Upcoming and Recent Air Monitoring Projects

South Bay Odor Attribution Study

Odor issues have been ongoing for many years in Milpitas and the surrounding communities due to their proximity to landfill, transfer station, sewage treatment plant, and compost and organic waste processing operations. The Air District conducted an Odor Attribution Study to identify odorous compounds impacting the local community and characterize the odors generated by three closely located facilities with similar odor profiles (Newby Island Resource Recovery Park, San Jose-Santa Clara Regional Wastewater Facility, and Zero Waste Energy Development), as well as other potential odor sources in this area. The goal of the study was to determine the contribution and variability of odors from these facilities and any other sources in the vicinity, as well as support a strategy to reduce the odors impacting the local community. Visit the South Bay Odor Attribution Study web page to learn more.

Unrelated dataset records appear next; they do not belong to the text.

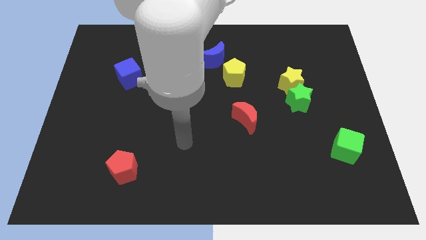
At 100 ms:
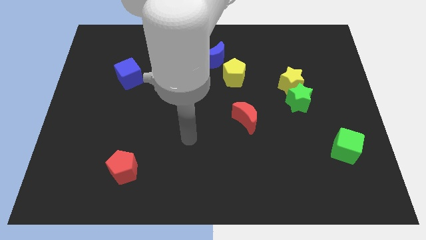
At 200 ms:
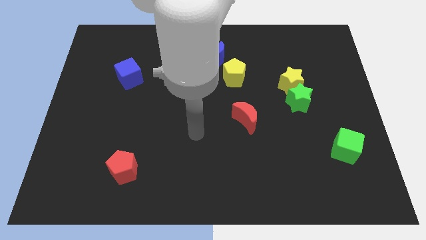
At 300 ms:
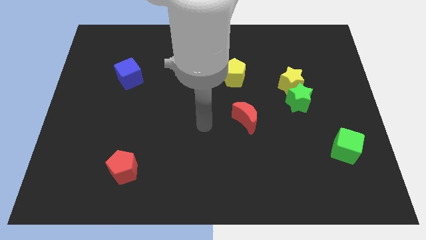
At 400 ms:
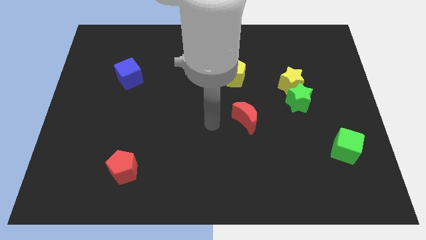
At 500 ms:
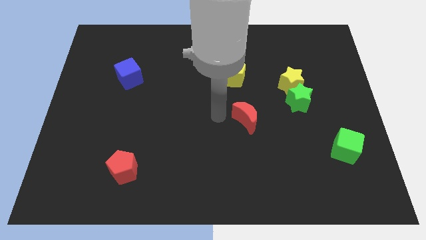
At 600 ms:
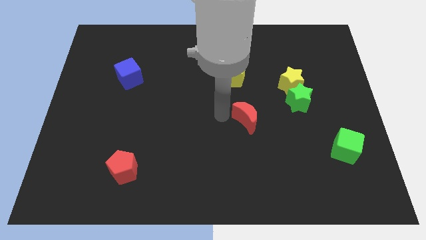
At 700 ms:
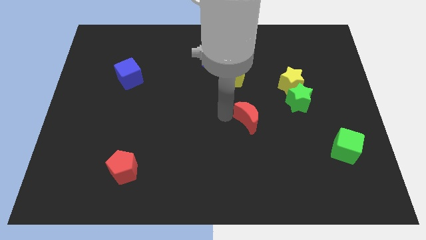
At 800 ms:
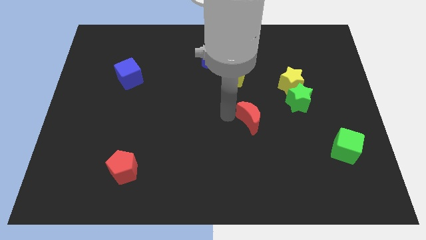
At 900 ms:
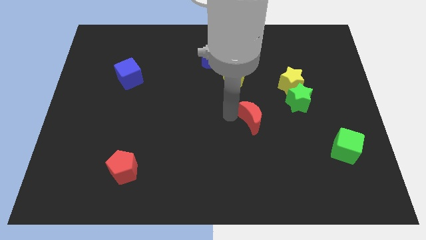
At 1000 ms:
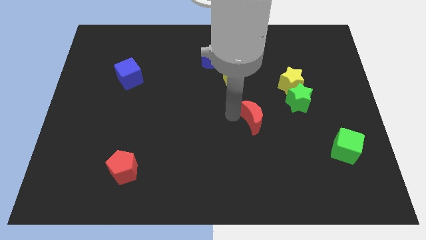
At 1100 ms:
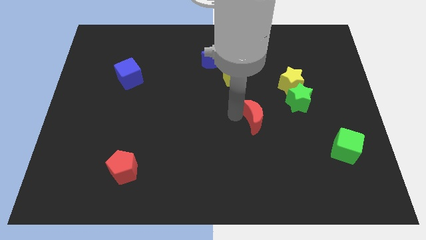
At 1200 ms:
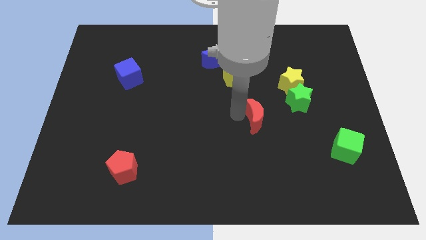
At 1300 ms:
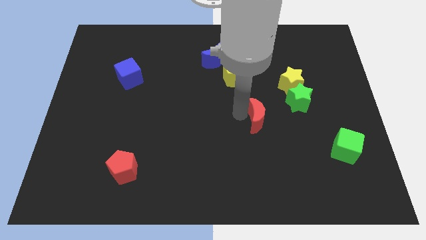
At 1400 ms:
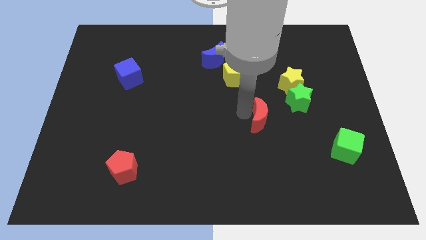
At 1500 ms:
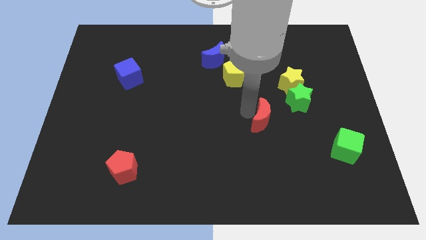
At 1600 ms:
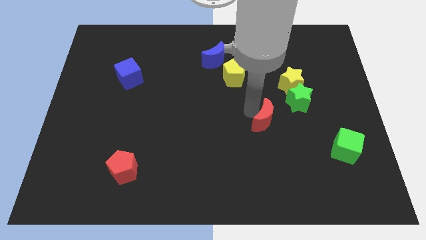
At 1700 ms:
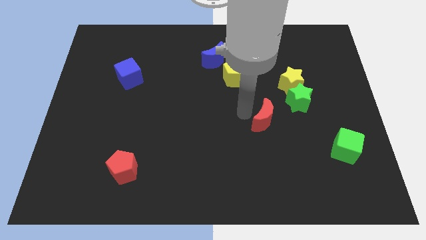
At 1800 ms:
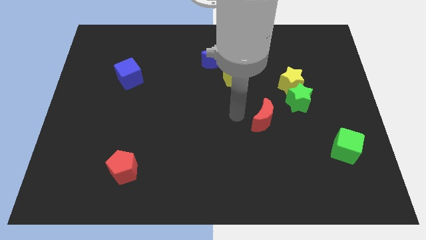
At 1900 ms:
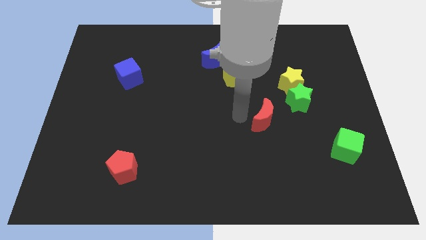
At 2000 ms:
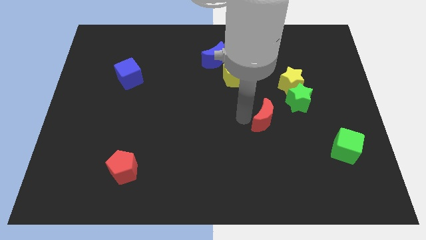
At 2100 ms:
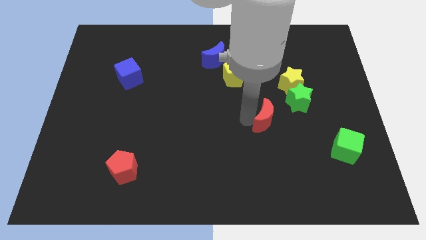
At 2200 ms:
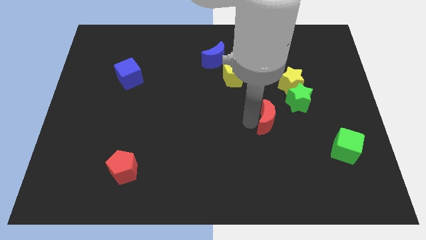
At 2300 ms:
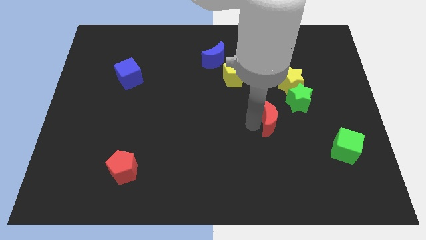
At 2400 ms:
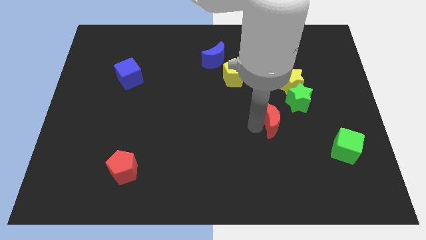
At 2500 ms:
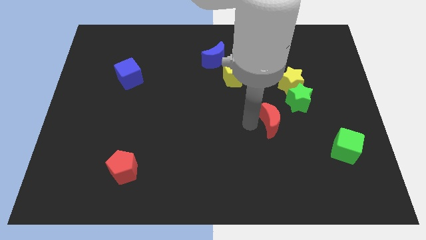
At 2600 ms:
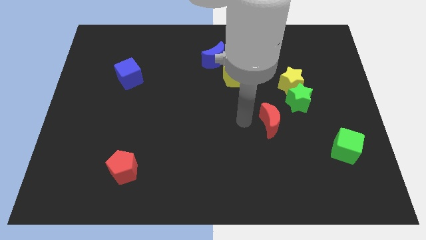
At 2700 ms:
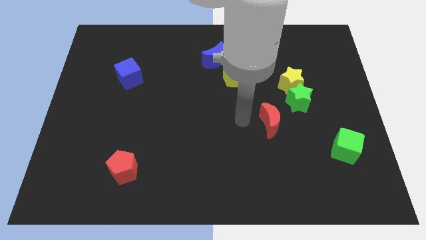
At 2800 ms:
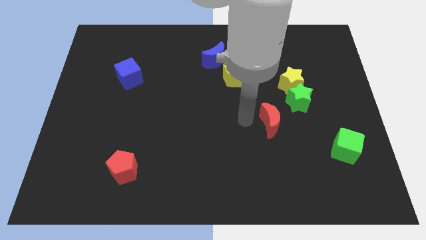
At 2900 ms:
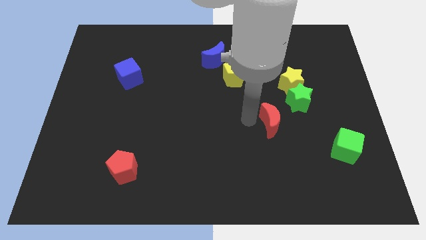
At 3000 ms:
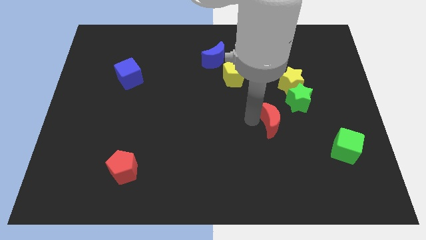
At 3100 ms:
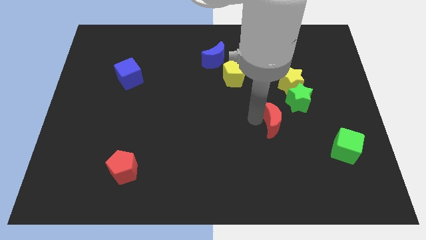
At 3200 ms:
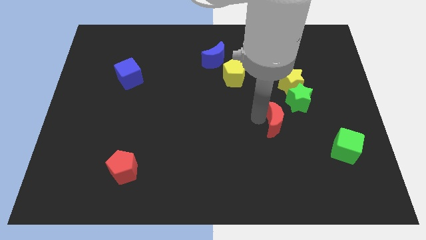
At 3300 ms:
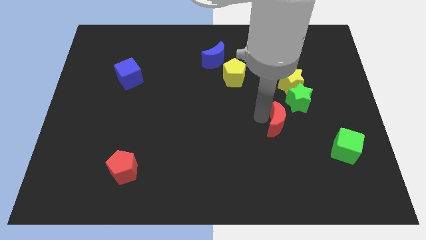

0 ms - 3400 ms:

East Oakland Community Air Monitoring

The Air District, Communities for a Better Environment, and the University of California, Berkeley are partnering to implement a multi-year community air monitoring project in East Oakland. This project is partially funded by a grant from the US Environmental Protection Agency for enhanced air quality monitoring for communities. Visit the Community Air Monitoring in East Oakland web page to learn more.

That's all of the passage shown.